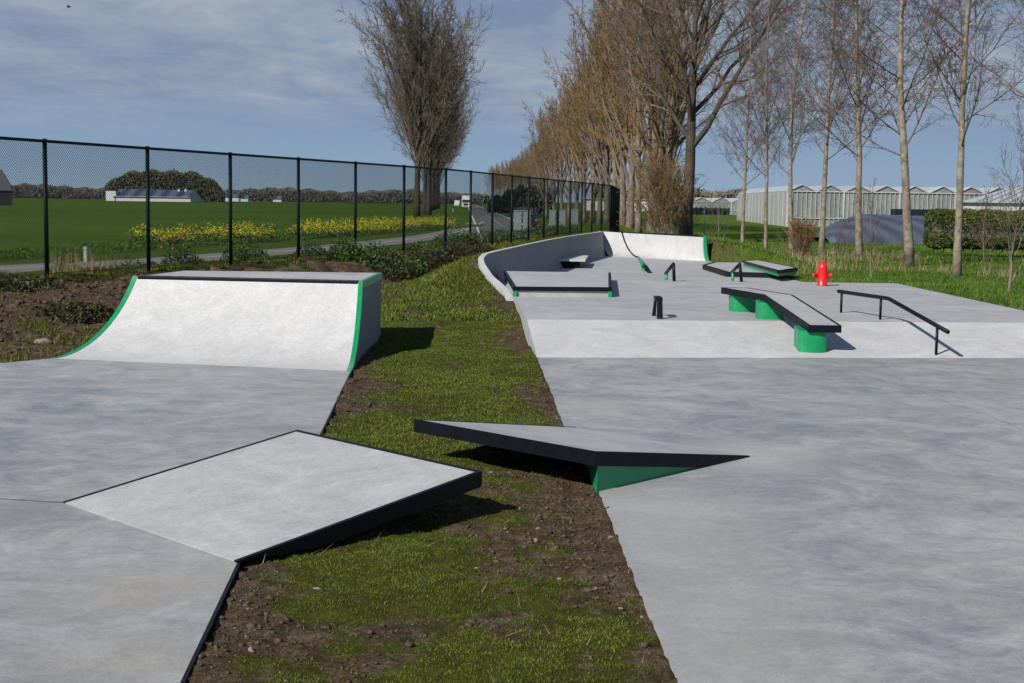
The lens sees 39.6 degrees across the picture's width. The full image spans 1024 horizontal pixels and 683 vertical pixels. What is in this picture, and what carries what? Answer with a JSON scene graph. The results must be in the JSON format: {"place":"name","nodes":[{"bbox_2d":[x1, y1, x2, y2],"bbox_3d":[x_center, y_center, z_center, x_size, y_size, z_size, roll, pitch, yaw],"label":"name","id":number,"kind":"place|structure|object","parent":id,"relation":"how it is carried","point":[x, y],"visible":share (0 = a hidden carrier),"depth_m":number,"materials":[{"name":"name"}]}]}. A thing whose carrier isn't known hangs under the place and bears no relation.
{"place":"outdoors","nodes":[
{"label":"outdoors","id":0,"kind":"place"},
{"bbox_2d":[0,170,12,205],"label":"dark barn","id":1,"kind":"structure","parent":0,"point":[5,189],"depth_m":298.73,"materials":[{"name":"paint"}]},
{"bbox_2d":[106,189,202,201],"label":"long barn","id":2,"kind":"structure","parent":0,"point":[193,193],"depth_m":638.99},
{"bbox_2d":[0,223,474,273],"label":"side road","id":3,"kind":"structure","parent":0,"point":[118,261],"depth_m":60.46,"materials":[{"name":"asphalt"}]},
{"bbox_2d":[0,232,591,361],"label":"bank grass","id":4,"kind":"structure","parent":0,"point":[383,292],"depth_m":26.16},
{"bbox_2d":[468,204,539,239],"bbox_3d":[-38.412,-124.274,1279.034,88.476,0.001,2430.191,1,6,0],"label":"road","id":5,"kind":"structure","parent":0,"point":[483,217],"depth_m":173.23,"materials":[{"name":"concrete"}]},
{"bbox_2d":[0,196,1023,682],"bbox_3d":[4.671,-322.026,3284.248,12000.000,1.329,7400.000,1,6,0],"label":"ground","id":6,"kind":"structure","parent":0,"point":[394,620],"depth_m":7.48,"materials":[{"name":"plant"}]},
{"bbox_2d":[0,273,69,294],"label":"weed plant","id":7,"kind":"object","parent":6,"relation":"on","point":[27,285],"visible":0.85,"depth_m":21.41,"materials":[{"name":"green plant"}]},
{"bbox_2d":[33,299,114,323],"bbox_3d":[-5.998,-0.432,19.529,1.228,0.322,1.239,1,6,0],"label":"weed plant","id":8,"kind":"object","parent":6,"relation":"on","point":[69,311],"visible":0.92,"depth_m":19.30,"materials":[{"name":"green plant"}]},
{"bbox_2d":[101,168,224,201],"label":"woodland","id":9,"kind":"object","parent":6,"relation":"on","point":[185,181],"visible":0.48,"depth_m":697.00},
{"bbox_2d":[0,358,349,682],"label":"slab","id":10,"kind":"structure","parent":6,"relation":"on","point":[87,596],"depth_m":8.56,"materials":[{"name":"grey concrete"}]},
{"bbox_2d":[63,430,481,567],"bbox_3d":[-1.397,0.902,8.271,1.683,0.382,1.865,-5,8,-44],"label":"overhanging kicker","id":11,"kind":"object","parent":10,"relation":"on","point":[293,491],"visible":0.98,"depth_m":8.09,"materials":[{"name":"concrete"}]},
{"bbox_2d":[160,239,198,264],"bbox_3d":[-6.803,-1.824,29.154,0.828,0.672,0.830,1,6,0],"label":"weed plant","id":12,"kind":"object","parent":6,"relation":"on","point":[177,258],"visible":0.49,"depth_m":29.07,"materials":[{"name":"green plant"}]},
{"bbox_2d":[180,562,240,682],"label":"steel edging","id":13,"kind":"object","parent":6,"relation":"on","point":[206,635],"visible":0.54,"depth_m":6.03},
{"bbox_2d":[52,270,381,370],"bbox_3d":[-3.384,-0.227,16.825,3.411,1.052,3.844,1,6,0],"label":"quarter pipe","id":14,"kind":"object","parent":6,"relation":"on","point":[316,320],"visible":0.97,"depth_m":16.47,"materials":[{"name":"concrete"}]},
{"bbox_2d":[219,242,250,261],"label":"weed plant","id":15,"kind":"object","parent":6,"relation":"on","point":[234,252],"visible":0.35,"depth_m":32.79,"materials":[{"name":"green plant"}]},
{"bbox_2d":[0,224,486,261],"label":"verge grass","id":16,"kind":"structure","parent":6,"relation":"on","point":[90,248],"depth_m":63.29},
{"bbox_2d":[11,182,481,204],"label":"woodland","id":17,"kind":"object","parent":6,"relation":"on","point":[307,190],"visible":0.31,"depth_m":898.77,"materials":[{"name":"plant"}]},
{"bbox_2d":[235,244,268,259],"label":"weed plant","id":18,"kind":"object","parent":6,"relation":"on","point":[253,251],"visible":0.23,"depth_m":33.45,"materials":[{"name":"green plant"}]},
{"bbox_2d":[124,214,459,244],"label":"rapeseed flowers","id":19,"kind":"object","parent":6,"relation":"on","point":[187,237],"visible":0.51,"depth_m":86.39,"materials":[{"name":"yellow plant"}]},
{"bbox_2d":[292,239,326,256],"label":"weed plant","id":20,"kind":"object","parent":6,"relation":"on","point":[316,253],"visible":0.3,"depth_m":35.13,"materials":[{"name":"green plant"}]},
{"bbox_2d":[0,136,619,278],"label":"chain link fence","id":21,"kind":"object","parent":6,"relation":"on","point":[614,209],"visible":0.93,"depth_m":30.74,"materials":[{"name":"black metal"}]},
{"bbox_2d":[0,273,669,682],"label":"soil clods","id":22,"kind":"object","parent":6,"relation":"on","point":[270,597],"visible":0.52,"depth_m":7.77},
{"bbox_2d":[320,371,351,434],"bbox_3d":[-1.579,0.584,12.944,0.014,0.152,4.053,1,6,-3],"label":"steel edging","id":23,"kind":"object","parent":6,"relation":"on","point":[330,415],"visible":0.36,"depth_m":12.07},
{"bbox_2d":[325,231,363,263],"bbox_3d":[-3.768,-2.101,32.105,0.939,0.784,0.930,1,6,0],"label":"weed plant","id":24,"kind":"object","parent":6,"relation":"on","point":[339,256],"visible":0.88,"depth_m":31.96,"materials":[{"name":"green plant"}]},
{"bbox_2d":[345,238,399,267],"bbox_3d":[-3.184,-2.019,32.322,1.347,0.679,1.364,1,6,0],"label":"weed plant","id":25,"kind":"object","parent":6,"relation":"on","point":[366,256],"visible":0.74,"depth_m":32.06,"materials":[{"name":"green plant"}]},
{"bbox_2d":[369,254,416,278],"bbox_3d":[-2.665,-1.667,31.543,1.142,0.538,1.123,1,6,0],"label":"weed plant","id":26,"kind":"object","parent":6,"relation":"on","point":[390,270],"visible":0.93,"depth_m":31.34,"materials":[{"name":"green plant"}]},
{"bbox_2d":[386,251,430,275],"bbox_3d":[-2.569,-1.786,32.563,1.428,0.575,1.437,1,6,0],"label":"weed plant","id":27,"kind":"object","parent":6,"relation":"on","point":[421,268],"visible":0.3,"depth_m":32.37,"materials":[{"name":"green plant"}]},
{"bbox_2d":[393,247,433,269],"bbox_3d":[-2.457,-1.958,33.491,1.213,0.561,1.228,1,6,0],"label":"weed plant","id":28,"kind":"object","parent":6,"relation":"on","point":[428,262],"visible":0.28,"depth_m":33.42,"materials":[{"name":"green plant"}]},
{"bbox_2d":[336,0,493,216],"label":"old poplar","id":29,"kind":"object","parent":6,"relation":"on","point":[414,29],"visible":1,"depth_m":199.12,"materials":[{"name":"brown plant"}]},
{"bbox_2d":[369,48,467,213],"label":"old poplar","id":30,"kind":"object","parent":6,"relation":"on","point":[424,162],"visible":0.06,"depth_m":247.49,"materials":[{"name":"brown plant"}]},
{"bbox_2d":[361,22,476,214],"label":"old poplar","id":31,"kind":"object","parent":6,"relation":"on","point":[429,157],"visible":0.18,"depth_m":224.64,"materials":[{"name":"brown plant"}]},
{"bbox_2d":[385,85,463,210],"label":"old poplar","id":32,"kind":"object","parent":6,"relation":"on","point":[443,153],"visible":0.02,"depth_m":321.13,"materials":[{"name":"brown plant"}]},
{"bbox_2d":[402,245,450,262],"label":"weed plant","id":33,"kind":"object","parent":6,"relation":"on","point":[438,257],"visible":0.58,"depth_m":35.00,"materials":[{"name":"green plant"}]},
{"bbox_2d":[405,240,447,258],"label":"weed plant","id":34,"kind":"object","parent":6,"relation":"on","point":[432,246],"visible":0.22,"depth_m":36.18,"materials":[{"name":"green plant"}]},
{"bbox_2d":[213,322,643,680],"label":"pebbles","id":35,"kind":"object","parent":6,"relation":"on","point":[250,649],"visible":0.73,"depth_m":7.36,"materials":[{"name":"stone"}]},
{"bbox_2d":[195,252,666,682],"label":"grass","id":36,"kind":"structure","parent":6,"relation":"on","point":[436,303],"depth_m":10.80,"materials":[{"name":"plant"}]},
{"bbox_2d":[384,86,480,209],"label":"old poplar","id":37,"kind":"object","parent":6,"relation":"on","point":[437,159],"visible":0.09,"depth_m":295.77,"materials":[{"name":"brown plant"}]},
{"bbox_2d":[394,68,476,170],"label":"old poplar","id":38,"kind":"object","parent":6,"relation":"on","point":[447,135],"visible":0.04,"depth_m":272.84,"materials":[{"name":"brown plant"}]},
{"bbox_2d":[417,241,467,256],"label":"weed plant","id":39,"kind":"object","parent":6,"relation":"on","point":[451,252],"visible":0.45,"depth_m":36.80,"materials":[{"name":"green plant"}]},
{"bbox_2d":[406,103,481,208],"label":"old poplar","id":40,"kind":"object","parent":6,"relation":"on","point":[451,151],"visible":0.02,"depth_m":367.88,"materials":[{"name":"brown plant"}]},
{"bbox_2d":[412,88,477,209],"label":"old poplar","id":41,"kind":"object","parent":6,"relation":"on","point":[449,144],"visible":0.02,"depth_m":343.63,"materials":[{"name":"brown plant"}]},
{"bbox_2d":[431,227,478,244],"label":"weed plant","id":42,"kind":"object","parent":6,"relation":"on","point":[465,236],"visible":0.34,"depth_m":43.46,"materials":[{"name":"green plant"}]},
{"bbox_2d":[436,105,474,207],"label":"old poplar","id":43,"kind":"object","parent":6,"relation":"on","point":[457,152],"visible":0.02,"depth_m":392.61,"materials":[{"name":"brown plant"}]},
{"bbox_2d":[440,239,482,253],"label":"weed plant","id":44,"kind":"object","parent":6,"relation":"on","point":[473,248],"visible":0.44,"depth_m":38.85,"materials":[{"name":"green plant"}]},
{"bbox_2d":[459,239,493,251],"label":"weed plant","id":45,"kind":"object","parent":6,"relation":"on","point":[486,247],"visible":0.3,"depth_m":40.47,"materials":[{"name":"green plant"}]},
{"bbox_2d":[460,227,503,244],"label":"weed plant","id":46,"kind":"object","parent":6,"relation":"on","point":[486,238],"visible":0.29,"depth_m":47.95,"materials":[{"name":"green plant"}]},
{"bbox_2d":[483,226,526,240],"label":"weed plant","id":47,"kind":"object","parent":6,"relation":"on","point":[525,238],"visible":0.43,"depth_m":52.03,"materials":[{"name":"green plant"}]},
{"bbox_2d":[487,183,552,213],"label":"roadside brush","id":48,"kind":"object","parent":6,"relation":"on","point":[509,211],"visible":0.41,"depth_m":289.56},
{"bbox_2d":[521,141,550,188],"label":"brown willow","id":49,"kind":"object","parent":6,"relation":"on","point":[529,169],"visible":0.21,"depth_m":298.48,"materials":[{"name":"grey plant"}]},
{"bbox_2d":[520,106,564,218],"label":"brown willow","id":50,"kind":"object","parent":6,"relation":"on","point":[535,148],"visible":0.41,"depth_m":204.47,"materials":[{"name":"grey plant"}]},
{"bbox_2d":[478,231,607,300],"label":"bank wall","id":51,"kind":"structure","parent":6,"relation":"on","point":[543,255],"depth_m":34.66,"materials":[{"name":"grey concrete"}]},
{"bbox_2d":[530,95,572,208],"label":"brown willow","id":52,"kind":"object","parent":6,"relation":"on","point":[551,165],"visible":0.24,"depth_m":195.98,"materials":[{"name":"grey plant"}]},
{"bbox_2d":[534,98,574,209],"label":"brown willow","id":53,"kind":"object","parent":6,"relation":"on","point":[561,165],"visible":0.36,"depth_m":188.51,"materials":[{"name":"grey plant"}]},
{"bbox_2d":[519,68,591,220],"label":"brown willow","id":54,"kind":"object","parent":6,"relation":"on","point":[549,153],"visible":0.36,"depth_m":179.73,"materials":[{"name":"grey plant"}]},
{"bbox_2d":[540,71,601,221],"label":"brown willow","id":55,"kind":"object","parent":6,"relation":"on","point":[571,167],"visible":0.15,"depth_m":172.33,"materials":[{"name":"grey plant"}]},
{"bbox_2d":[553,72,604,222],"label":"brown willow","id":56,"kind":"object","parent":6,"relation":"on","point":[583,178],"visible":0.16,"depth_m":165.08,"materials":[{"name":"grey plant"}]},
{"bbox_2d":[556,53,612,222],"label":"brown willow","id":57,"kind":"object","parent":6,"relation":"on","point":[591,179],"visible":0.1,"depth_m":156.98,"materials":[{"name":"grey plant"}]},
{"bbox_2d":[562,37,617,223],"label":"brown willow","id":58,"kind":"object","parent":6,"relation":"on","point":[590,158],"visible":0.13,"depth_m":148.44,"materials":[{"name":"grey plant"}]},
{"bbox_2d":[540,3,647,191],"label":"brown willow","id":59,"kind":"object","parent":6,"relation":"on","point":[604,172],"visible":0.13,"depth_m":132.35,"materials":[{"name":"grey plant"}]},
{"bbox_2d":[513,299,679,682],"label":"floor edge","id":60,"kind":"object","parent":6,"relation":"on","point":[525,325],"visible":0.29,"depth_m":8.34,"materials":[{"name":"concrete"}]},
{"bbox_2d":[560,0,657,223],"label":"brown willow","id":61,"kind":"object","parent":6,"relation":"on","point":[608,166],"visible":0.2,"depth_m":140.04,"materials":[{"name":"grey plant"}]},
{"bbox_2d":[564,0,677,224],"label":"brown willow","id":62,"kind":"object","parent":6,"relation":"on","point":[609,69],"visible":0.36,"depth_m":124.72,"materials":[{"name":"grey plant"}]},
{"bbox_2d":[576,0,701,228],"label":"brown willow","id":63,"kind":"object","parent":6,"relation":"on","point":[631,177],"visible":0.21,"depth_m":116.95,"materials":[{"name":"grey plant"}]},
{"bbox_2d":[596,0,688,232],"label":"slim poplar","id":64,"kind":"object","parent":6,"relation":"on","point":[638,156],"visible":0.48,"depth_m":96.81,"materials":[{"name":"brown plant"}]},
{"bbox_2d":[585,0,720,232],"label":"ochre willow","id":65,"kind":"object","parent":6,"relation":"on","point":[632,154],"visible":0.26,"depth_m":103.47,"materials":[{"name":"brown plant"}]},
{"bbox_2d":[615,146,691,233],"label":"brush shrub","id":66,"kind":"object","parent":6,"relation":"on","point":[651,182],"visible":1,"depth_m":83.08,"materials":[{"name":"brown plant"}]},
{"bbox_2d":[603,231,708,260],"bbox_3d":[4.226,-2.896,47.267,1.289,1.410,6.032,-3,7,-31],"label":"quarter pipe","id":67,"kind":"object","parent":6,"relation":"on","point":[668,246],"visible":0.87,"depth_m":46.96,"materials":[{"name":"concrete"}]},
{"bbox_2d":[599,0,743,233],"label":"ochre willow","id":68,"kind":"object","parent":6,"relation":"on","point":[671,140],"visible":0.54,"depth_m":94.74,"materials":[{"name":"brown plant"}]},
{"bbox_2d":[595,187,748,198],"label":"woodland","id":69,"kind":"object","parent":6,"relation":"on","point":[731,193],"visible":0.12,"depth_m":796.71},
{"bbox_2d":[630,162,714,234],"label":"brush shrub","id":70,"kind":"object","parent":6,"relation":"on","point":[674,225],"visible":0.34,"depth_m":87.38,"materials":[{"name":"brown plant"}]},
{"bbox_2d":[588,0,816,234],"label":"forked tree","id":71,"kind":"object","parent":6,"relation":"on","point":[692,84],"visible":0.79,"depth_m":86.24,"materials":[{"name":"brown plant"}]},
{"bbox_2d":[671,197,737,214],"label":"greenhouse","id":72,"kind":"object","parent":6,"relation":"on","point":[731,204],"visible":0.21,"depth_m":328.42,"materials":[{"name":"white glass"}]},
{"bbox_2d":[693,207,729,214],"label":"dark screen","id":73,"kind":"object","parent":6,"relation":"on","point":[696,211],"visible":0.67,"depth_m":323.37,"materials":[{"name":"paint"}]},
{"bbox_2d":[709,186,732,237],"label":"sapling","id":74,"kind":"object","parent":6,"relation":"on","point":[720,195],"visible":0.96,"depth_m":68.94,"materials":[{"name":"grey plant"}]},
{"bbox_2d":[694,0,804,241],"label":"young poplar","id":75,"kind":"object","parent":6,"relation":"on","point":[745,169],"visible":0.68,"depth_m":66.41,"materials":[{"name":"brown plant"}]},
{"bbox_2d":[711,0,810,249],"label":"young poplar","id":76,"kind":"object","parent":6,"relation":"on","point":[765,173],"visible":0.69,"depth_m":61.68,"materials":[{"name":"brown plant"}]},
{"bbox_2d":[714,0,852,251],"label":"young poplar","id":77,"kind":"object","parent":6,"relation":"on","point":[789,172],"visible":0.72,"depth_m":58.49,"materials":[{"name":"brown plant"}]},
{"bbox_2d":[774,216,820,256],"bbox_3d":[10.003,-3.548,49.762,1.711,1.766,1.730,1,6,0],"label":"brush shrub","id":78,"kind":"object","parent":6,"relation":"on","point":[803,237],"visible":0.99,"depth_m":49.73,"materials":[{"name":"brown plant"}]},
{"bbox_2d":[755,0,921,254],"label":"young poplar","id":79,"kind":"object","parent":6,"relation":"on","point":[823,207],"visible":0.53,"depth_m":52.22,"materials":[{"name":"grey plant"}]},
{"bbox_2d":[756,0,926,260],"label":"young poplar","id":80,"kind":"object","parent":6,"relation":"on","point":[858,223],"visible":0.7,"depth_m":47.99,"materials":[{"name":"brown plant"}]},
{"bbox_2d":[835,215,857,260],"bbox_3d":[10.440,-3.085,44.589,0.710,1.852,0.696,1,6,0],"label":"sapling","id":81,"kind":"object","parent":6,"relation":"on","point":[849,219],"visible":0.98,"depth_m":44.63,"materials":[{"name":"grey plant"}]},
{"bbox_2d":[737,184,1007,226],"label":"greenhouse","id":82,"kind":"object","parent":6,"relation":"on","point":[840,202],"visible":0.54,"depth_m":159.08,"materials":[{"name":"white glass"}]},
{"bbox_2d":[855,177,890,276],"bbox_3d":[9.216,-2.793,36.482,0.987,2.830,0.865,-2,6,-26],"label":"sapling","id":83,"kind":"object","parent":6,"relation":"on","point":[871,238],"visible":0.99,"depth_m":36.42,"materials":[{"name":"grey plant"}]},
{"bbox_2d":[776,0,1002,266],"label":"young poplar","id":84,"kind":"object","parent":6,"relation":"on","point":[909,258],"visible":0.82,"depth_m":42.95,"materials":[{"name":"brown plant"}]},
{"bbox_2d":[812,214,966,243],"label":"covered heap","id":85,"kind":"object","parent":6,"relation":"on","point":[892,230],"visible":0.5,"depth_m":90.48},
{"bbox_2d":[890,209,930,215],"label":"dark trailer","id":86,"kind":"object","parent":6,"relation":"on","point":[918,212],"visible":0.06,"depth_m":118.72,"materials":[{"name":"paint"}]},
{"bbox_2d":[886,0,1023,275],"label":"young poplar","id":87,"kind":"object","parent":6,"relation":"on","point":[957,246],"visible":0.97,"depth_m":37.08,"materials":[{"name":"brown plant"}]},
{"bbox_2d":[923,208,1023,252],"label":"hedge","id":88,"kind":"object","parent":6,"relation":"on","point":[939,223],"visible":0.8,"depth_m":67.30,"materials":[{"name":"green plant"}]},
{"bbox_2d":[966,185,1001,267],"bbox_3d":[13.769,-3.187,41.543,1.092,2.761,1.060,1,6,0],"label":"sapling","id":89,"kind":"object","parent":6,"relation":"on","point":[984,217],"visible":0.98,"depth_m":41.70,"materials":[{"name":"brown plant"}]},
{"bbox_2d":[948,0,1023,110],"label":"young poplar","id":90,"kind":"object","parent":6,"relation":"on","point":[1009,85],"visible":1,"depth_m":31.86,"materials":[{"name":"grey plant"}]},
{"bbox_2d":[963,184,1023,215],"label":"glass shed","id":91,"kind":"structure","parent":6,"relation":"on","point":[973,203],"depth_m":117.91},
{"bbox_2d":[982,98,1023,292],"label":"sapling","id":92,"kind":"object","parent":6,"relation":"on","point":[1012,256],"visible":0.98,"depth_m":27.19,"materials":[{"name":"brown plant"}]},
{"bbox_2d":[0,0,1023,202],"label":"sky","id":93,"kind":"structure","parent":0,"point":[283,78],"materials":[{"name":"blue"}]},
{"bbox_2d":[42,239,1023,681],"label":"dry grass","id":94,"kind":"structure","parent":0,"point":[824,253],"depth_m":39.72,"materials":[{"name":"plant"}]},
{"bbox_2d":[499,256,1023,682],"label":"skatepark floor","id":95,"kind":"structure","parent":0,"point":[857,516],"depth_m":9.67,"materials":[{"name":"grey concrete"}]},
{"bbox_2d":[504,271,611,296],"bbox_3d":[0.881,-0.902,25.379,2.106,0.440,5.162,1,6,0],"label":"manual pad","id":96,"kind":"object","parent":95,"relation":"on","point":[557,284],"visible":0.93,"depth_m":23.79,"materials":[{"name":"concrete"}]},
{"bbox_2d":[559,255,587,267],"bbox_3d":[1.635,-2.269,40.343,0.968,0.242,3.272,1,6,4],"label":"grind box","id":97,"kind":"object","parent":95,"relation":"on","point":[575,261],"visible":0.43,"depth_m":38.90,"materials":[{"name":"concrete"}]},
{"bbox_2d":[414,419,749,493],"bbox_3d":[0.507,0.747,10.119,1.708,0.382,1.900,6,7,41],"label":"overhanging kicker","id":98,"kind":"object","parent":95,"relation":"on","point":[609,460],"visible":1,"depth_m":9.52,"materials":[{"name":"concrete"}]},
{"bbox_2d":[621,231,651,272],"bbox_3d":[3.831,-2.756,42.854,0.505,0.916,12.292,1,6,1],"label":"pole rail","id":99,"kind":"object","parent":95,"relation":"on","point":[644,268],"visible":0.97,"depth_m":40.70,"materials":[{"name":"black metal"}]},
{"bbox_2d":[652,296,662,318],"bbox_3d":[1.952,-0.461,19.051,0.102,0.275,0.536,1,6,0],"label":"stub rail","id":100,"kind":"object","parent":95,"relation":"on","point":[658,302],"visible":1,"depth_m":18.80,"materials":[{"name":"black metal"}]},
{"bbox_2d":[664,262,675,280],"bbox_3d":[3.199,-1.359,28.829,0.088,0.563,1.738,1,6,1],"label":"down rail","id":101,"kind":"object","parent":95,"relation":"on","point":[670,267],"visible":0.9,"depth_m":27.99,"materials":[{"name":"black metal"}]},
{"bbox_2d":[730,263,742,281],"bbox_3d":[4.556,-1.347,28.966,0.110,0.590,1.740,1,6,2],"label":"down rail","id":102,"kind":"object","parent":95,"relation":"on","point":[736,267],"visible":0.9,"depth_m":28.12,"materials":[{"name":"black metal"}]},
{"bbox_2d":[702,262,784,277],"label":"angular platform","id":103,"kind":"structure","parent":95,"relation":"on","point":[723,268],"depth_m":36.49,"materials":[{"name":"concrete"}]},
{"bbox_2d":[742,260,797,275],"bbox_3d":[6.660,-1.897,36.540,0.784,0.150,5.991,1,6,0],"label":"narrow ledge","id":104,"kind":"object","parent":103,"relation":"on","point":[775,269],"visible":1,"depth_m":35.60,"materials":[{"name":"concrete"}]},
{"bbox_2d":[721,287,841,352],"bbox_3d":[3.529,-0.309,18.849,0.555,0.590,3.658,0,6,-7],"label":"kinked ledge","id":105,"kind":"object","parent":95,"relation":"on","point":[813,328],"visible":0.87,"depth_m":18.23,"materials":[{"name":"concrete"}]},
{"bbox_2d":[812,261,832,285],"bbox_3d":[5.921,-1.295,27.122,0.370,0.466,0.210,1,6,0],"label":"hydrant","id":106,"kind":"object","parent":95,"relation":"on","point":[822,274],"visible":1,"depth_m":27.05,"materials":[{"name":"metal"}]},
{"bbox_2d":[837,289,949,354],"bbox_3d":[5.000,-0.276,18.677,0.195,0.584,3.659,0,6,-8],"label":"handrail","id":107,"kind":"object","parent":95,"relation":"on","point":[938,327],"visible":1,"depth_m":18.65,"materials":[{"name":"black metal"}]},
{"bbox_2d":[699,234,1023,310],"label":"lawn grass","id":108,"kind":"structure","parent":0,"point":[983,287],"depth_m":39.91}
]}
────────────────
Only the lines holding the word "quarter" belong in the answer; copy them from the listing above.

{"bbox_2d":[52,270,381,370],"bbox_3d":[-3.384,-0.227,16.825,3.411,1.052,3.844,1,6,0],"label":"quarter pipe","id":14,"kind":"object","parent":6,"relation":"on","point":[316,320],"visible":0.97,"depth_m":16.47,"materials":[{"name":"concrete"}]},
{"bbox_2d":[603,231,708,260],"bbox_3d":[4.226,-2.896,47.267,1.289,1.410,6.032,-3,7,-31],"label":"quarter pipe","id":67,"kind":"object","parent":6,"relation":"on","point":[668,246],"visible":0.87,"depth_m":46.96,"materials":[{"name":"concrete"}]},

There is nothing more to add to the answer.